Di diverso avviso il TAR, che ha ritenuto fondato il ricorso, evidenziando che la normativa applicabile ratione temporis alla vicenda oggetto del giudizio è quella di cui all’art. 54-bis, d.lgs. n. 165/2001, il quale prevedeva che:

  • «il pubblico dipendente che, nell'interesse dell'integrità della pubblica amministrazione, segnala … all’Autorità nazionale anticorruzione (ANAC) … condotte illecite di cui è venuto a conoscenza in ragione del proprio rapporto di lavoro non può essere sanzionato, demansionato, licenziato, trasferito, o sottoposto ad altra misura organizzativa avente effetti negativi, diretti o indiretti, sulle condizioni di lavoro determinata dalla segnalazione» (comma 1);
  • «qualora venga accertata, nell'ambito dell'istruttoria condotta dall'ANAC, l'adozione di misure discriminatorie da parte di una delle amministrazioni pubbliche o di uno degli enti di cui al comma 2, fermi restando gli altri profili di responsabilità, l'ANAC applica al responsabile che ha adottato tale misura una sanzione amministrativa pecuniaria da 5.000 a 30.000 euro» (comma 6);
  • «è a carico dell'amministrazione pubblica o dell'ente di cui al comma 2 dimostrare che le misure discriminatorie o ritorsive, adottate nei confronti del segnalante, sono motivate da ragioni estranee alla segnalazione stessa» (comma 7, primo periodo);
  • «gli atti discriminatori o ritorsivi adottati dall'amministrazione o dall'ente sono nulli» (comma 7, secondo periodo).

L'onere della prova a carico del segnalato

Attraverso tale disposizione – così come evidenziato nelle Linee Guida approvate da ANAC con delibera 9 giugno 2021, n. 469, il legislatore ha quindi optato «per un’inversione dell’onere probatorio stabilendo al comma 7 dell’art. 54-bis, che laddove il segnalante dimostri di avere effettuato una segnalazione di illeciti di cui all’art 54-bis e di aver subito, a causa della segnalazione, una misura ritorsiva o discriminatoria, l’onere della prova grava sulla persona che ha posto in essere tale misura», sicché è quest’ultima a essere tenuta a dimostrare che «l’azione intrapresa non è in alcun modo connessa alla segnalazione».

Le stesse Linee Guida, nel declinare i principi del procedimento svolto innanzi all’Autorità, hanno quindi chiarito che poiché nel «procedimento innanzi ad ANAC … l’intento ritorsivo si presume … è necessario che le prove in senso contrario emergano nel contraddittorio con ANAC» ed hanno sottolineato che «a tal fine è fondamentale che il presunto responsabile fornisca tutti gli elementi da cui dedurre l’assenza della natura ritorsiva della misura adottata nei confronti del segnalante».
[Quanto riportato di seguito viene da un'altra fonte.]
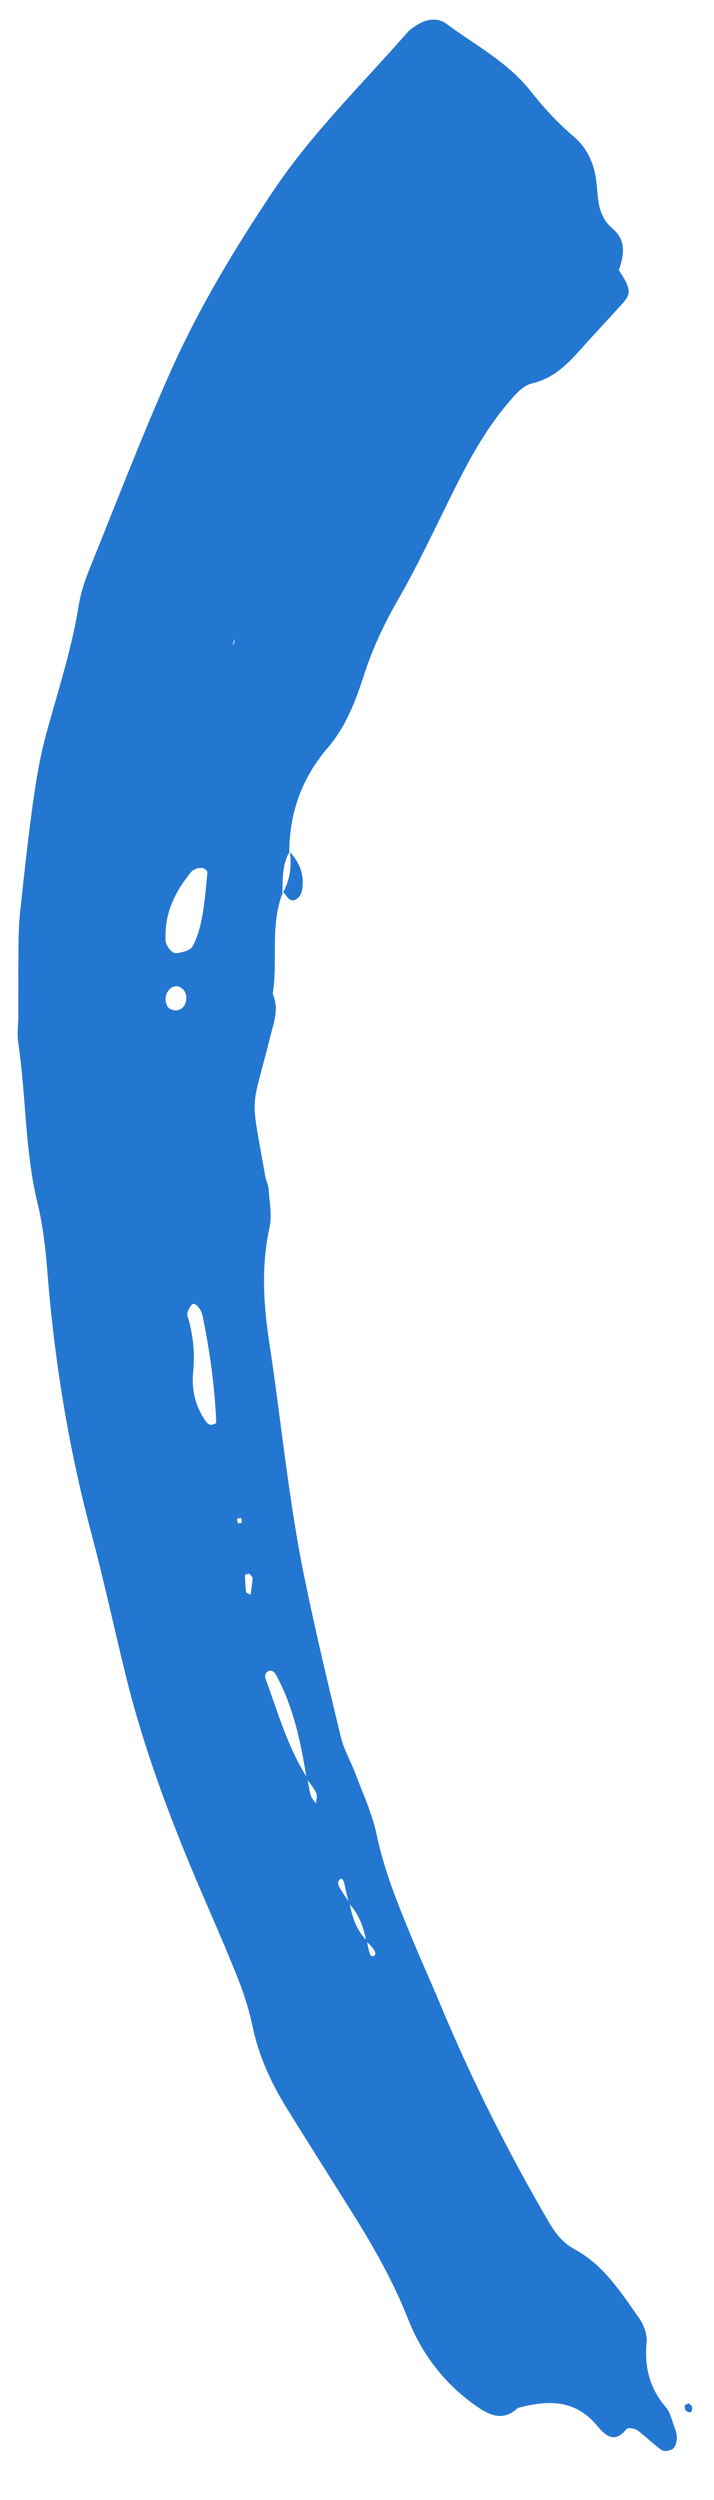 <svg width="12" height="42" viewBox="0 0 12 42" fill="none" xmlns="http://www.w3.org/2000/svg">
<path d="M10.405 4.529C10.488 4.279 10.529 4.037 10.293 3.839C10.151 3.719 10.08 3.555 10.055 3.37C10.042 3.262 10.034 3.153 10.022 3.045C9.987 2.744 9.866 2.484 9.641 2.293C9.37 2.062 9.132 1.803 8.909 1.52C8.525 1.037 7.984 0.757 7.503 0.4C7.358 0.292 7.171 0.317 7.012 0.417C6.953 0.454 6.892 0.494 6.848 0.544C6.084 1.418 5.253 2.223 4.596 3.202C3.943 4.177 3.338 5.181 2.858 6.26C2.379 7.337 1.956 8.442 1.513 9.537C1.433 9.735 1.361 9.943 1.326 10.155C1.206 10.906 0.97 11.623 0.771 12.351C0.668 12.731 0.604 13.125 0.55 13.518C0.465 14.126 0.401 14.737 0.336 15.348C0.313 15.563 0.312 15.781 0.31 15.999C0.306 16.36 0.309 16.722 0.308 17.083C0.307 17.228 0.285 17.376 0.306 17.517C0.441 18.413 0.415 19.326 0.631 20.215C0.725 20.6 0.768 21.002 0.799 21.399C0.917 22.885 1.158 24.349 1.543 25.789C1.747 26.558 1.916 27.34 2.105 28.114C2.407 29.351 2.851 30.536 3.348 31.7C3.561 32.198 3.782 32.694 3.982 33.197C4.089 33.465 4.182 33.743 4.24 34.024C4.344 34.532 4.553 34.987 4.819 35.418C5.179 35.998 5.544 36.574 5.907 37.153C6.27 37.732 6.607 38.321 6.861 38.967C7.102 39.578 7.503 40.082 8.042 40.448C8.26 40.596 8.483 40.667 8.701 40.454C9.185 40.327 9.651 40.294 10.028 40.745C10.178 40.922 10.328 41.06 10.529 40.808C10.552 40.779 10.667 40.797 10.714 40.831C10.855 40.932 10.978 41.063 11.122 41.162C11.165 41.191 11.267 41.173 11.312 41.137C11.355 41.102 11.375 41.017 11.376 40.952C11.377 40.884 11.348 40.811 11.324 40.744C11.287 40.642 11.262 40.525 11.196 40.448C10.921 40.13 10.826 39.769 10.868 39.348C10.881 39.218 10.818 39.054 10.74 38.943C10.432 38.505 10.138 38.045 9.656 37.787C9.461 37.683 9.334 37.518 9.223 37.329C8.534 36.147 7.919 34.923 7.391 33.653C7.238 33.286 7.073 32.924 6.921 32.556C6.686 31.988 6.456 31.423 6.328 30.813C6.254 30.462 6.097 30.128 5.971 29.791C5.895 29.587 5.781 29.396 5.73 29.188C5.517 28.308 5.307 27.428 5.125 26.543C4.852 25.229 4.729 23.89 4.527 22.564C4.428 21.916 4.388 21.269 4.53 20.62C4.574 20.418 4.528 20.192 4.514 19.977C4.51 19.906 4.472 19.839 4.459 19.768C4.206 18.308 4.21 18.746 4.539 17.428C4.601 17.179 4.695 16.952 4.584 16.698C4.673 16.133 4.535 15.54 4.754 14.992L4.747 15.008C4.752 14.768 4.739 14.523 4.868 14.308L4.862 14.315C4.864 13.641 5.083 13.058 5.51 12.561C5.812 12.209 5.979 11.773 6.12 11.334C6.263 10.89 6.454 10.484 6.686 10.082C7.055 9.44 7.363 8.761 7.699 8.097C7.939 7.623 8.203 7.163 8.546 6.762C8.656 6.633 8.789 6.476 8.938 6.442C9.299 6.359 9.536 6.122 9.769 5.859C10.001 5.597 10.242 5.346 10.474 5.085C10.614 4.929 10.597 4.833 10.394 4.529C10.337 4.612 10.279 4.694 10.22 4.778L10.223 4.781C10.285 4.692 10.346 4.611 10.405 4.529ZM4.739 8.836L4.73 8.829C4.67 8.912 4.61 8.996 4.551 9.078C4.504 9.23 4.457 9.382 4.411 9.534L4.418 9.54C4.465 9.388 4.513 9.236 4.56 9.085C4.62 9.003 4.68 8.919 4.739 8.836ZM3.941 10.701C3.941 10.73 3.946 10.76 3.94 10.787C3.935 10.808 3.917 10.826 3.906 10.845C3.921 10.8 3.937 10.755 3.952 10.71L3.941 10.701ZM6.164 32.6C5.99 32.428 5.918 32.205 5.874 31.969C5.817 31.881 5.757 31.797 5.704 31.706C5.688 31.678 5.676 31.625 5.689 31.604C5.732 31.532 5.77 31.558 5.792 31.666C5.813 31.772 5.84 31.875 5.865 31.979C6.031 32.155 6.111 32.374 6.155 32.612C6.197 32.656 6.245 32.696 6.28 32.747C6.329 32.822 6.313 32.871 6.246 32.863C6.229 32.861 6.21 32.814 6.204 32.785C6.187 32.724 6.177 32.663 6.164 32.6ZM5.154 29.88C5.209 29.961 5.275 30.037 5.316 30.126C5.337 30.173 5.314 30.242 5.311 30.3C5.281 30.255 5.238 30.212 5.223 30.163C5.195 30.067 5.184 29.967 5.165 29.869C4.833 29.354 4.67 28.762 4.459 28.192C4.45 28.166 4.461 28.116 4.481 28.097C4.533 28.047 4.597 28.061 4.637 28.135C4.934 28.678 5.056 29.276 5.154 29.88ZM3.313 14.587C3.346 14.586 3.384 14.575 3.414 14.585C3.443 14.596 3.488 14.633 3.486 14.653C3.462 14.902 3.443 15.153 3.398 15.397C3.367 15.57 3.318 15.748 3.237 15.898C3.2 15.969 3.07 15.997 2.974 16.014C2.891 16.03 2.788 15.892 2.783 15.8C2.76 15.339 2.947 14.968 3.223 14.638C3.244 14.614 3.282 14.604 3.313 14.587ZM3.635 23.904C3.554 23.959 3.502 23.942 3.453 23.871C3.284 23.626 3.217 23.346 3.246 23.056C3.279 22.728 3.246 22.417 3.15 22.103C3.135 22.054 3.18 21.974 3.218 21.923C3.264 21.861 3.377 21.971 3.406 22.111C3.527 22.707 3.61 23.306 3.635 23.904ZM2.917 16.576C3.007 16.542 3.119 16.625 3.13 16.735C3.141 16.85 3.094 16.942 2.991 16.971C2.941 16.985 2.85 16.959 2.822 16.918C2.739 16.794 2.795 16.622 2.917 16.576ZM4.189 26.437C4.209 26.462 4.245 26.489 4.245 26.512C4.24 26.605 4.223 26.699 4.212 26.792C4.185 26.776 4.139 26.763 4.136 26.744C4.123 26.649 4.119 26.553 4.118 26.457C4.117 26.451 4.165 26.444 4.189 26.437ZM3.986 25.512C4.01 25.508 4.033 25.505 4.055 25.502C4.059 25.529 4.063 25.555 4.065 25.582C4.042 25.585 4.006 25.597 3.999 25.587C3.987 25.567 3.989 25.535 3.986 25.512Z" fill="#2377D1"/>
<path d="M4.759 14.985C4.802 15.032 4.838 15.104 4.889 15.121C4.975 15.149 5.061 15.05 5.078 14.95C5.12 14.694 5.034 14.488 4.867 14.308L4.872 14.302C4.904 14.55 4.875 14.787 4.752 15.002L4.759 14.985Z" fill="#2377D1"/>
<path d="M11.573 40.374C11.551 40.389 11.514 40.398 11.509 40.417C11.502 40.441 11.512 40.487 11.53 40.5C11.601 40.553 11.642 40.527 11.631 40.436C11.629 40.413 11.592 40.394 11.573 40.374Z" fill="#2377D1"/>
</svg>

Ciò naturalmente, se per un verso non importa alcuna limitazione ai poteri istruttori di ANAC, allo stesso tempo impone all’Autorità, ove il presunto responsabile fornisca elementi di prova sufficienti a fondare una giustificazione del provvedimento segnalato come ritorsivo, di svolgere un’adeguata istruttoria su quanto dedotto dal presunto responsabile e di motivare adeguatamente sulle eventuali ragioni che la inducono a ritenere non sufficienti le giustificazioni offerte in sede procedimentale.
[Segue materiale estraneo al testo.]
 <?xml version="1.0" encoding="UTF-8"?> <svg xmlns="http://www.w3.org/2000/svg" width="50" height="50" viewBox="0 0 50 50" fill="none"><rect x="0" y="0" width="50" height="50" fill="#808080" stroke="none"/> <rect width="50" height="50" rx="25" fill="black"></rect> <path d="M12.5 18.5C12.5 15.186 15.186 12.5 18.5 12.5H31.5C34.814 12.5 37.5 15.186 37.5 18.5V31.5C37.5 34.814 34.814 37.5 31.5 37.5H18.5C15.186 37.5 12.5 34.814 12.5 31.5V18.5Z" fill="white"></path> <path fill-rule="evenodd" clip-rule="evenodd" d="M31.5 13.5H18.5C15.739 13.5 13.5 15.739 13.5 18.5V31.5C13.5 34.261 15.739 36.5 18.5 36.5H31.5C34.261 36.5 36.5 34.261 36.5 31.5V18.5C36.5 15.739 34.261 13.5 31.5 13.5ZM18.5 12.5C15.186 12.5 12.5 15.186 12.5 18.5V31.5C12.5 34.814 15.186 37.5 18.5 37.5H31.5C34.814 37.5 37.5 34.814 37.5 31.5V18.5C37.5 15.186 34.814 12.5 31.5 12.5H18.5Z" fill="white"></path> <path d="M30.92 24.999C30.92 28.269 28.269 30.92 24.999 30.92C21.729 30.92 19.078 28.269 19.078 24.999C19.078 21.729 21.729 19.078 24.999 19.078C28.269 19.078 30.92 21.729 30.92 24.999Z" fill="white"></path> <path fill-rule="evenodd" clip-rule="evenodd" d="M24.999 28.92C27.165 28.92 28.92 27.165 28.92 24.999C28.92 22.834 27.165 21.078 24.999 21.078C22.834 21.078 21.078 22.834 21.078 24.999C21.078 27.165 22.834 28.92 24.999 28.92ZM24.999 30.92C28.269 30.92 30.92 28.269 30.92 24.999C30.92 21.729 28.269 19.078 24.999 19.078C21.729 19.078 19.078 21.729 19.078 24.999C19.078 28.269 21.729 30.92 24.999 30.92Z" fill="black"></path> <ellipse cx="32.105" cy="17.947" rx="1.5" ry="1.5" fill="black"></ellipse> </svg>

Nel caso in esame, il ricorrente ha fondato la propria difesa su due argomenti che lo stesso TAR ha ritenuto idonei ad escludere la natura ritorsiva del procedimento, ovvero che:

  • il dirigente non era a conoscenza delle precedenti segnalazioni inviate ad ANAC;
  • il trasferimento era giustificato da ragioni di incompatibilità ambientale.

Di conseguenza, il Collegio ha accolto il ricorso, specificando che le conclusioni cui è giunta l’Autorità con riferimento ad entrambe le circostanze (conoscenza delle segnalazioni e pretestuosità del trasferimento per incompatibilità ambientale) siano viziate per carenza di istruttoria e conseguente carenza di motivazione.